# bakersfield to isabella?



## baja75 (Nov 17, 2006)

Has anyone ridden on the 178 from Bakersfield to Lake Isabella? Looks like a nice ride from the air and on google earth. Any other good rides in the Visalia / Central Valley area? All I know is Yohkol. Getting bored. Thanks!!


----------



## -CM- (Jan 6, 2006)

I drove that road last year. Very beautiful, but there's no way I'd ever ride a bicycle on it. It's extremely narrow and has a lot of traffic. Not a lot of room for error. 

Check out the Spooktacular route for a fantastic ride in that region. Brekenridge Rd is truly incredible. Definitely not for wimps, though.

http://www.kernwheelmen.org/rides/spooktacular/index.asp


----------



## baja75 (Nov 17, 2006)

well, you are correct. tried it today, got about 7 miles in, started fearing for my life. thanks for the link.


----------



## hillbasher (Jan 28, 2006)

baja75 said:


> well, you are correct. tried it today, got about 7 miles in, started fearing for my life. thanks for the link.

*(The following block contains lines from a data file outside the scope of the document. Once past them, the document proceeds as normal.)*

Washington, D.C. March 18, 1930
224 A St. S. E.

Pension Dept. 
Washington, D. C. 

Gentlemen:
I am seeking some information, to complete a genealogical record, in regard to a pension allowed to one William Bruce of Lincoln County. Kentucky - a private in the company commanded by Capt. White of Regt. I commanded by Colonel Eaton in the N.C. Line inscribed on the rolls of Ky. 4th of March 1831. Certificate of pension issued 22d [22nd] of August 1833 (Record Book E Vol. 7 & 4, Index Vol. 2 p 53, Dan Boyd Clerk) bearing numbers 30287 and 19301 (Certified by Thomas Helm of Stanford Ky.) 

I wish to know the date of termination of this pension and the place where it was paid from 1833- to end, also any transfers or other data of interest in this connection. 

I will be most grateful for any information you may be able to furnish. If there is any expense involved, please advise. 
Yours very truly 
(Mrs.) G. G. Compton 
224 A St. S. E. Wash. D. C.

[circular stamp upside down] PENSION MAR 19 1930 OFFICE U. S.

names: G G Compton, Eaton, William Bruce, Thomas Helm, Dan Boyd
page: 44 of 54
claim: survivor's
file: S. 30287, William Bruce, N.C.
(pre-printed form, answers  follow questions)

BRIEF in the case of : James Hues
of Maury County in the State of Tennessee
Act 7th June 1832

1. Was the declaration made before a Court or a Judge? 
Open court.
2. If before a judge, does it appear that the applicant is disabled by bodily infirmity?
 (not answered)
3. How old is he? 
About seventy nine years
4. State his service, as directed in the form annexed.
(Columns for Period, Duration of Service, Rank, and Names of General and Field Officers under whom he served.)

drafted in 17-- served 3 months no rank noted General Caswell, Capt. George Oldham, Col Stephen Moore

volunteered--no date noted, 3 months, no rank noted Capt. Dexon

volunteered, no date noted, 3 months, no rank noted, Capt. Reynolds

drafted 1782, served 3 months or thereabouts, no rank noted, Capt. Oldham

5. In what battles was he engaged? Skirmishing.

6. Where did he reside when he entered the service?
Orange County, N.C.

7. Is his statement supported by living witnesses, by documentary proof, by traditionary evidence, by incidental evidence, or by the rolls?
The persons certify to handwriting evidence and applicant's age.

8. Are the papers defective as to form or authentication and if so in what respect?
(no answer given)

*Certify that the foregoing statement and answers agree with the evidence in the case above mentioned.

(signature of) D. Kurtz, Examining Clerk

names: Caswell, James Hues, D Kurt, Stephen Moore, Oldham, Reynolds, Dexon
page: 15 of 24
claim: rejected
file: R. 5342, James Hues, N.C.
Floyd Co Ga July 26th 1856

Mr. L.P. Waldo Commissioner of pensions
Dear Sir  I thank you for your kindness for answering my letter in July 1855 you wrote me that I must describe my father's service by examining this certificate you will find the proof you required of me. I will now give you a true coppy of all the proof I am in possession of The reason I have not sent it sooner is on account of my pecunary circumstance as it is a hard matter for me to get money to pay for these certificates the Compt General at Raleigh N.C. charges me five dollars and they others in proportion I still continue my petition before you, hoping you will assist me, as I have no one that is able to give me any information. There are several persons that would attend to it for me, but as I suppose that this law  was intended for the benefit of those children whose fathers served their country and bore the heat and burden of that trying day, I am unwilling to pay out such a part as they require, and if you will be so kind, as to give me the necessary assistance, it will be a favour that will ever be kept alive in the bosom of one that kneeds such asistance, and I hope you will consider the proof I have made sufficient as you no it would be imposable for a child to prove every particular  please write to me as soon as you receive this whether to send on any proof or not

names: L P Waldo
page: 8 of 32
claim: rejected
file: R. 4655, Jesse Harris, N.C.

If you want a nice ride in that area, go out the road from Bakersfield towards Mojave. Think it is highway 58. Get off at the Caliente exit and drive down to where you can park your car next to the train tracks. Hop on the bike and stay on that rode for 25 to 30 miles or so. You go through some steep climbing towards the beginning, but once you get to the top, the ride out to Isabela,through Bodefish, is one you will remember for a long time. One hazard on this road is not crazies driving cars and motorcycles, but mad and often pissed off cattle. Just keep your head down and pedal fast. Great ride, all and all. This is the time of year to do it, as it warms up in the summer.


----------